Page MenuHomePhabricator

20K events by a single user in the span of 20 mins
Closed, DeclinedPublic1 Estimated Story Points

Description

Running the following query in Hive results in 20,814 results, which is odd to say the least:

USE event;
SELECT * FROM citationusage
WHERE event.session_token="1d8be34f432aaad1" AND year=2018 AND month=7;

The events are all happening on the same page and the action is also the same 'extClick' (click on an external link). The code that logs these events looks OK.

The user agent isn't identified as a bot, yet so many requests are coming from this single user in a short span of time. The only explanation I currently have is that these events are generated by a bot masquerading as a user and clicking on all external links.

What do you think? Have you seen something similar with other EventLogging schemas?

This is not a single case. We see other similar cases with other session_tokens:

session_tokenevents
some session token7817
some session token6797
some session token6115
some session token5757
some session token4246
some session token4241
some session token4171
some session token4011
some session token2479
some session token2470
some session token2117
some session token1762
some session token1755
some session token1704
some session token1663
some session token1625
some session token1520
some session token1494
some session token1270

Event Timeline

bmansurov edited subscribers, added: Milimetric; removed: Unknown Object (User).

What do you think? Have you seen something similar with other EventLogging schemas?

mmm... that session token is too short no? it should be 64 bits like: 80dr048q6b0buqrf4b44u2i11qvthbi4

We definitely have seen js-able bots in EL data and bots mostly crawl wikipedia which is what your schema is registering , now in this case your sessionToken looks wrong (if you have not abridged it).

@Nuria we're using mediaWiki.user.sessionId() to get the session_token. The documentation says that this is a 64-bit integer in hex format.
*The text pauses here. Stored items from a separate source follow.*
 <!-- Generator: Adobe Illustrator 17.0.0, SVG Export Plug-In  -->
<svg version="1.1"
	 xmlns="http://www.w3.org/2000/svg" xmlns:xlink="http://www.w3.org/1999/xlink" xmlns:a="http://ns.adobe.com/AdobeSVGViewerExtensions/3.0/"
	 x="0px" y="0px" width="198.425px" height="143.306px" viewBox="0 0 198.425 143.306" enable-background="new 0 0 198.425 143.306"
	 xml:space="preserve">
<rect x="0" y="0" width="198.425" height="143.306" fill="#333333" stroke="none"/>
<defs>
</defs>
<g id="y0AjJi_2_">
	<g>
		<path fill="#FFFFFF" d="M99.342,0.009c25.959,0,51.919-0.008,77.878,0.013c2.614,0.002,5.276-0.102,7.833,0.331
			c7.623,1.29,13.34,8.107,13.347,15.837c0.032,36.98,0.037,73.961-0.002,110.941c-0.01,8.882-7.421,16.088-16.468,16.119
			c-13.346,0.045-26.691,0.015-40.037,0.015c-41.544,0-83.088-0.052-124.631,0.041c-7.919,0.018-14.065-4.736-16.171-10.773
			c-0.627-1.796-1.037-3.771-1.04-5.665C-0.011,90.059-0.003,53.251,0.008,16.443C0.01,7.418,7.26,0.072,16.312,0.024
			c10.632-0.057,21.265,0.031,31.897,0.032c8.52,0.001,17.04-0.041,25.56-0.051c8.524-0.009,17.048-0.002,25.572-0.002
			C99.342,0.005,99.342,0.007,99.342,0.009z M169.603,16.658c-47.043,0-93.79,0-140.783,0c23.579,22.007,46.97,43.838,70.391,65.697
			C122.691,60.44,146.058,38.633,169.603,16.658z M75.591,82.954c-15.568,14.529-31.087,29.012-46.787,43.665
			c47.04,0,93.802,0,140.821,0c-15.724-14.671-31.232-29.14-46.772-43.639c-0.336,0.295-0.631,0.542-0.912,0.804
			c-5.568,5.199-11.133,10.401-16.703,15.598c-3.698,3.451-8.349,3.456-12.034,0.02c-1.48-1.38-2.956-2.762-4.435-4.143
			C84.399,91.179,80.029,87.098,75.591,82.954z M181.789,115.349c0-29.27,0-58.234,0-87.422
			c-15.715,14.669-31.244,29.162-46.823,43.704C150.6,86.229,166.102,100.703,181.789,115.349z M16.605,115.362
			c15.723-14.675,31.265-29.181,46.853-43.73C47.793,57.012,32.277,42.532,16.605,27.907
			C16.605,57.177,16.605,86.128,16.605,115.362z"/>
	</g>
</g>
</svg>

So I converted the above session_token (from the task description) to a number in decimal and got 2129045178431482577, which looks correct to me.

@bmansurov you are totally right, 16 chars in length is correct , my apologies

This comment was removed by Nuria.

Also, all crawled content by session: 1d8be34f432aaad1 is about cookies and cookie policy.
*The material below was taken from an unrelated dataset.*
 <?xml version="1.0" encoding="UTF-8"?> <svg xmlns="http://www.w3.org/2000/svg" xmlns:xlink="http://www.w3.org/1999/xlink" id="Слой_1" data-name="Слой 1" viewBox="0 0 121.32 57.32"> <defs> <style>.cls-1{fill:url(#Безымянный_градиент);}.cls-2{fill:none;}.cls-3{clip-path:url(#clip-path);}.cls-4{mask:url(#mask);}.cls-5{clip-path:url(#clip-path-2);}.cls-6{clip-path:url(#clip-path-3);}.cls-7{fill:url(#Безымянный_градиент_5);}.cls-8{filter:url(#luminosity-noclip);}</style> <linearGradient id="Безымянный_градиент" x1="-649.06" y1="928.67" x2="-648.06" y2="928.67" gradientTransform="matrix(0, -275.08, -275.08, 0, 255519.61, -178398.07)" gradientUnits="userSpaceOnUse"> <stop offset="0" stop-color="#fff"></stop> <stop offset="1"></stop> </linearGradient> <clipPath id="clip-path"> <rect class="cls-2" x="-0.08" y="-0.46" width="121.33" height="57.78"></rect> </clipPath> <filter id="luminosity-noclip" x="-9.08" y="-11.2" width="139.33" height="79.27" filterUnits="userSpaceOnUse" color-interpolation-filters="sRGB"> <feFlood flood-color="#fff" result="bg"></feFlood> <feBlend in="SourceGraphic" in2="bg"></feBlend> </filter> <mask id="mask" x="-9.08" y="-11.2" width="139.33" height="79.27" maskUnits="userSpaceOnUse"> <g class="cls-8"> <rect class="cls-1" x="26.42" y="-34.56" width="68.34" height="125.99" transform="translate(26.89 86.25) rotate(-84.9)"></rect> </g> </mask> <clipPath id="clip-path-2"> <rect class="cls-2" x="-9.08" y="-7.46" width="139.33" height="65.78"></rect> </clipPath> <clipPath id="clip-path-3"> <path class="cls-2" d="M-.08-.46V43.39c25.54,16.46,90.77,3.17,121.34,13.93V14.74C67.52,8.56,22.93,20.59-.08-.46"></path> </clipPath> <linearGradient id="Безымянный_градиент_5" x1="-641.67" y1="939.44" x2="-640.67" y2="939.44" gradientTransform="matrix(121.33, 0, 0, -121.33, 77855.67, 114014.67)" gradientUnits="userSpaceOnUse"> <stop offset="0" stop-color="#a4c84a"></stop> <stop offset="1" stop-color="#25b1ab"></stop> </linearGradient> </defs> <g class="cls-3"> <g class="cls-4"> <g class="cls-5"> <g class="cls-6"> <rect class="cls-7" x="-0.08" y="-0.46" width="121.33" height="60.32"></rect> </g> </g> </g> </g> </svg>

Milimetric triaged this task as High priority.
Milimetric lowered the priority of this task from High to Medium.
Milimetric moved this task from Incoming to Operational Excellence on the Analytics board.
Milimetric moved this task from Operational Excellence to Data Quality on the Analytics board.
Milimetric added a project: Analytics-Kanban.
Milimetric moved this task from Next Up to Done on the Analytics-Kanban board.
Nuria set the point value for this task to 1.Aug 24 2018, 3:03 PM

Will be closing ticket as this is lawful traffic if not human.
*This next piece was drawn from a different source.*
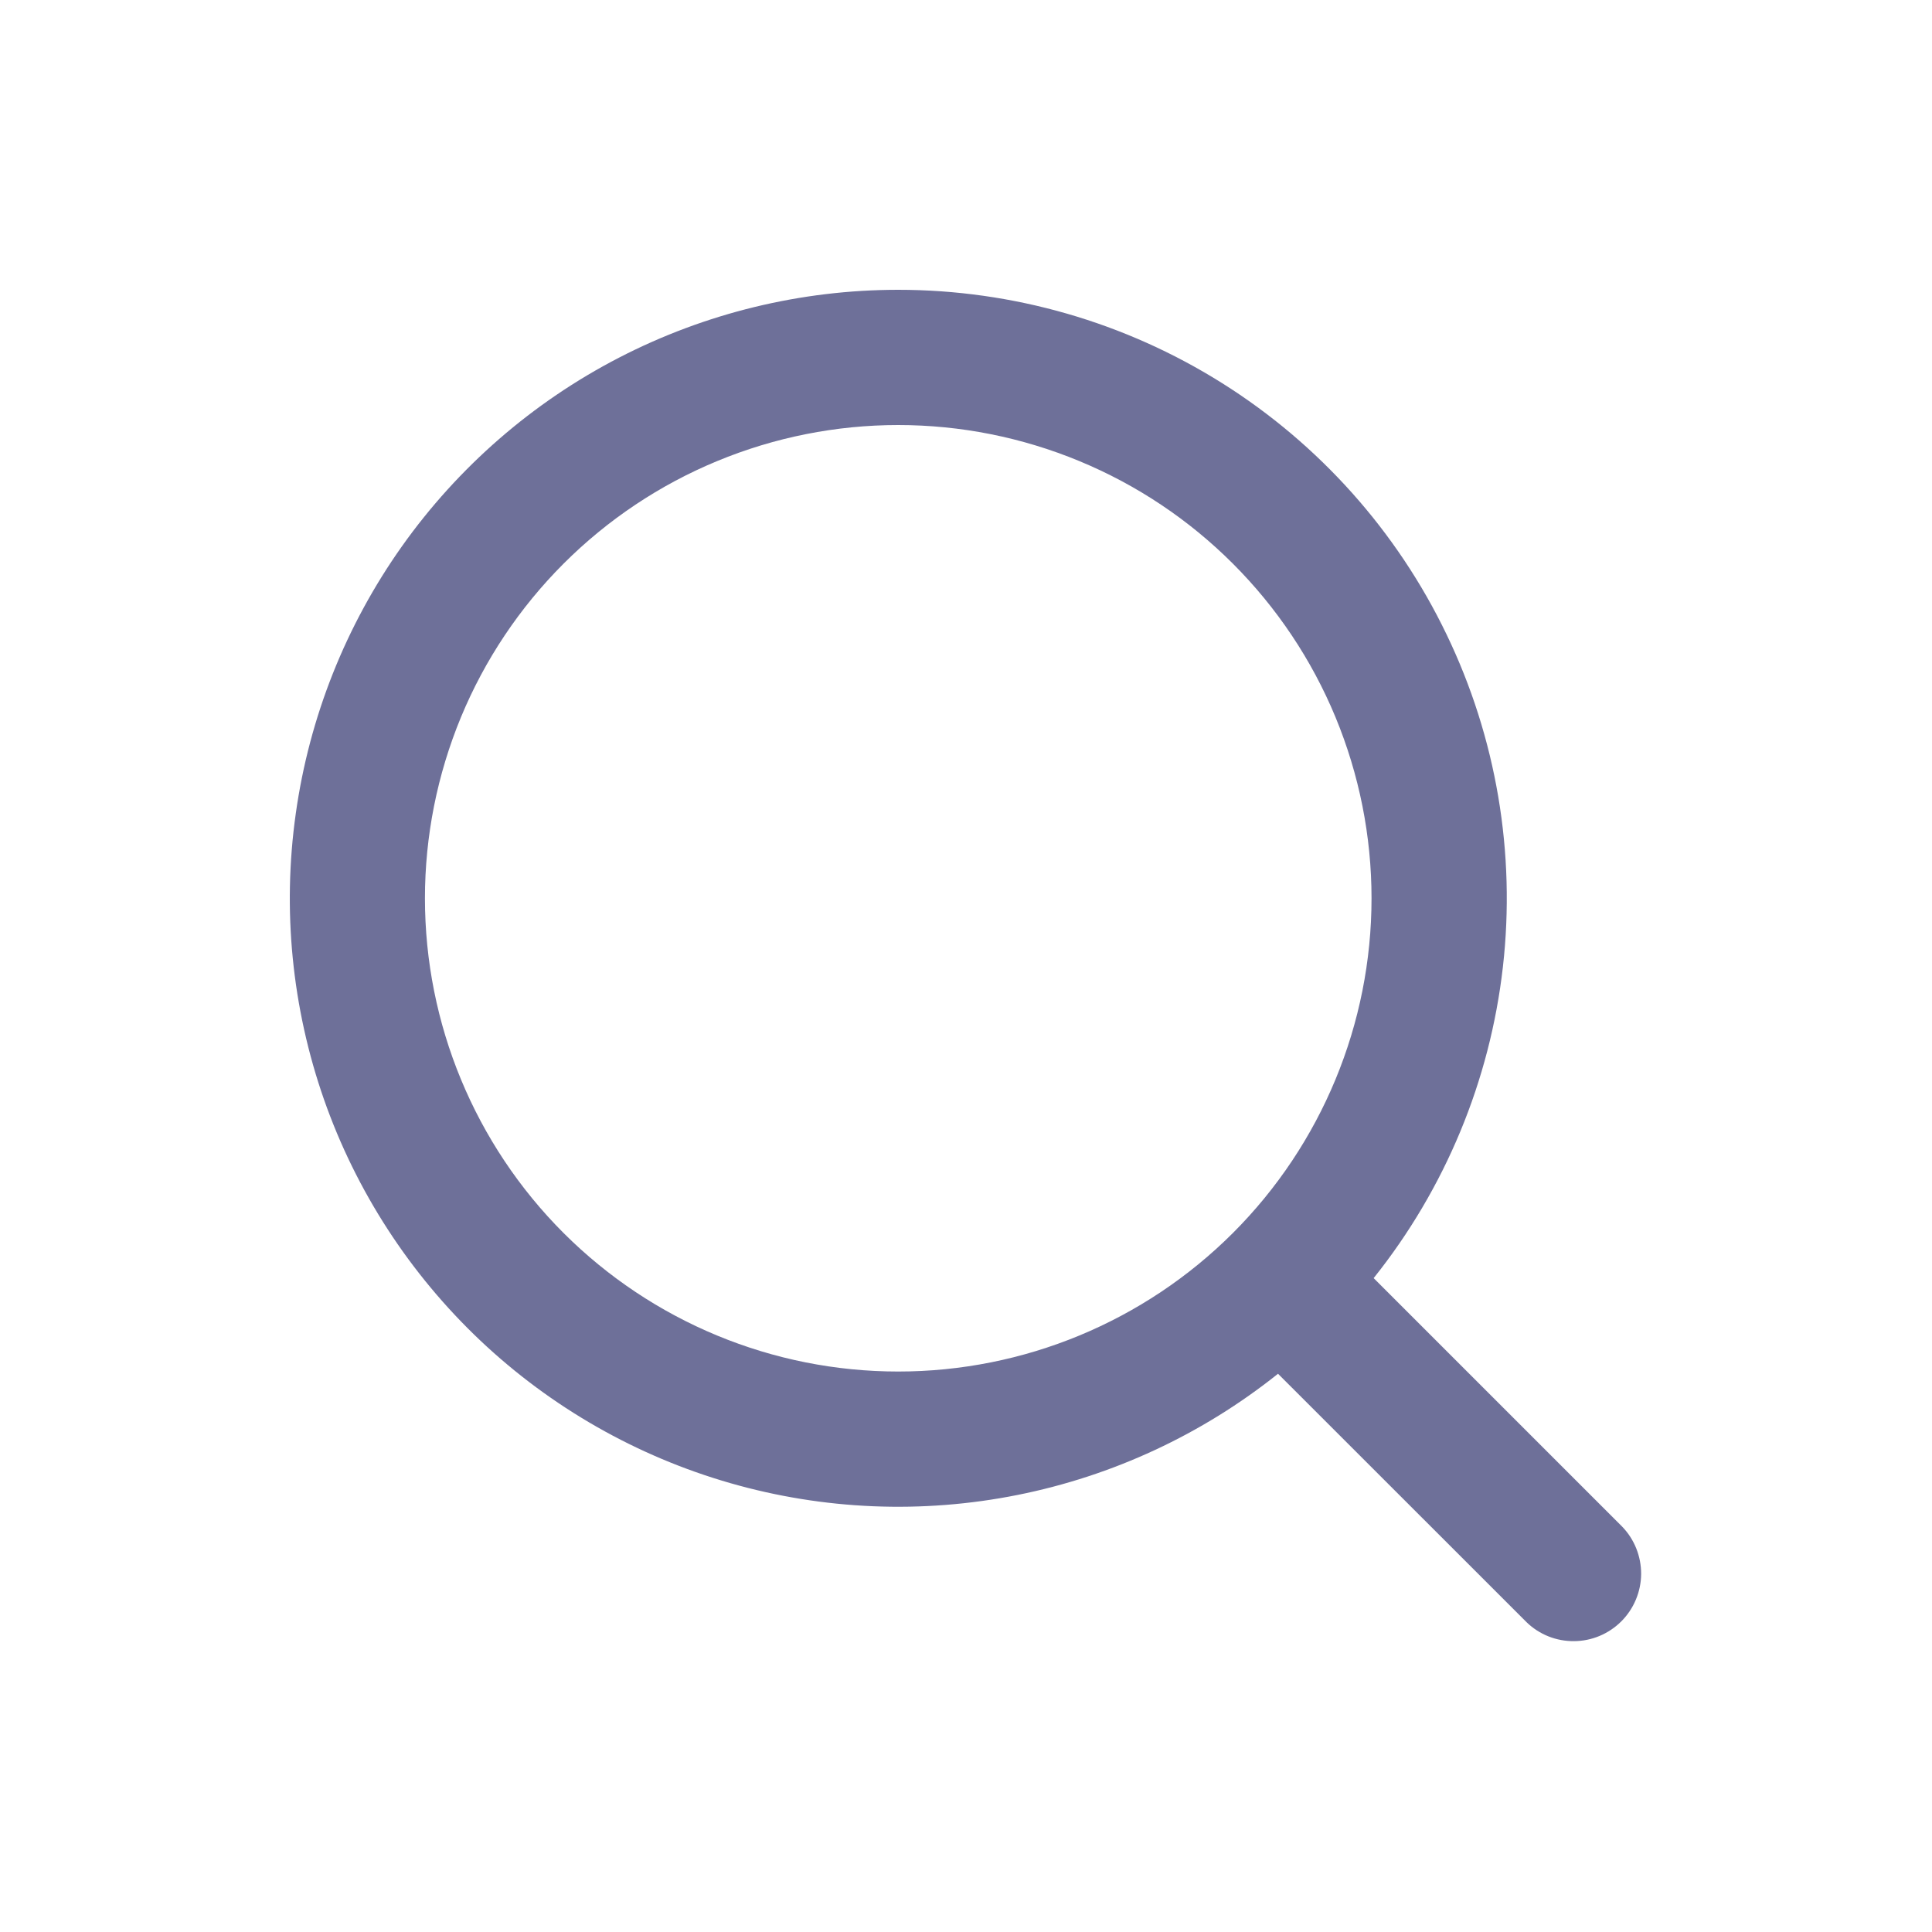 <svg width="20" height="20" viewBox="0 0 20 20" fill="none" xmlns="http://www.w3.org/2000/svg">
<g opacity="0.6">
<path fill-rule="evenodd" clip-rule="evenodd" d="M9.298 3C8.292 3 7.301 3.241 6.407 3.703C5.513 4.165 4.743 4.835 4.161 5.655C3.579 6.476 3.202 7.424 3.062 8.421C2.921 9.417 3.022 10.433 3.354 11.382C3.687 12.332 4.243 13.188 4.974 13.879C5.706 14.57 6.592 15.075 7.559 15.353C8.526 15.631 9.546 15.673 10.532 15.476C11.519 15.279 12.444 14.849 13.23 14.221L15.803 16.793C15.935 16.921 16.111 16.991 16.295 16.989C16.478 16.988 16.654 16.914 16.784 16.784C16.913 16.655 16.987 16.479 16.989 16.296C16.99 16.112 16.92 15.935 16.792 15.803L14.22 13.231C14.961 12.304 15.424 11.187 15.558 10.009C15.692 8.83 15.49 7.637 14.975 6.568C14.461 5.499 13.655 4.597 12.651 3.966C11.647 3.335 10.485 3 9.298 3ZM4.399 9.299C4.399 8.656 4.526 8.019 4.772 7.424C5.018 6.83 5.379 6.29 5.834 5.835C6.289 5.38 6.829 5.019 7.424 4.773C8.018 4.527 8.655 4.4 9.298 4.4C9.942 4.4 10.579 4.527 11.173 4.773C11.768 5.019 12.308 5.38 12.763 5.835C13.218 6.29 13.579 6.83 13.825 7.424C14.071 8.019 14.198 8.656 14.198 9.299C14.198 10.598 13.682 11.845 12.763 12.764C11.844 13.682 10.598 14.198 9.298 14.198C7.999 14.198 6.753 13.682 5.834 12.764C4.915 11.845 4.399 10.598 4.399 9.299Z" fill="#0E1155"/>
</g>
</svg>

@Nuria anything we can do to mark such user agents as 'bot'?

@bmansurov nothing easy I can think of at this time server side. This schema suffers much more than others regarding issues with bot traffic given that per definition is translating into events much of the "crawlers" clicking around. I think any filtering is going to have happen at analysis time and UAs with more than, say, 6 events per minute (1 every 10 secs) should probably be discarded.

@Nuria do you expect this task to be addressed by the better bot detection approach you're implementing? If yes, I'd like to close it.

It will be initially deployed just for pageviews so not quite yet.

The heuristics would work however so we just need to think how would we plug it in this pipeline

Aklapper changed the task status from Stalled to Open.Nov 1 2020, 9:15 PM
Aklapper subscribed.

The previous comments don't explain who or what (task?) exactly this task is stalled on ("If a report is waiting for further input (e.g. from its reporter or a third party) and can currently not be acted on"). Hence resetting task status, as tasks should not be stalled (and then potentially forgotten) for years for unclear reasons...

(Smallprint, as general orientation for task management:
If work on this task is blocked by another task, then that other task should be added via Edit Related Tasks...Edit Subtasks.
If you wanted to express that nobody is currently working on this task, then the assignee should be removed and/or priority could be lowered instead.
If this task is stalled on an upstream project, then the Upstream tag should be added.
If this task is out of scope and nobody should ever work on this, or nobody else managed to reproduce the situation described here, then it should have the "Declined" status.
If the task is valid but should not appear on some team's workboard, then the team project tag should be removed while the task has another active project tag.)

Resetting assignee (inactive account)

phuedx subscribed.

Being bold. The CitationUsage instrument was removed in September 2020 and disabled roughly a year before per T262349#6445226.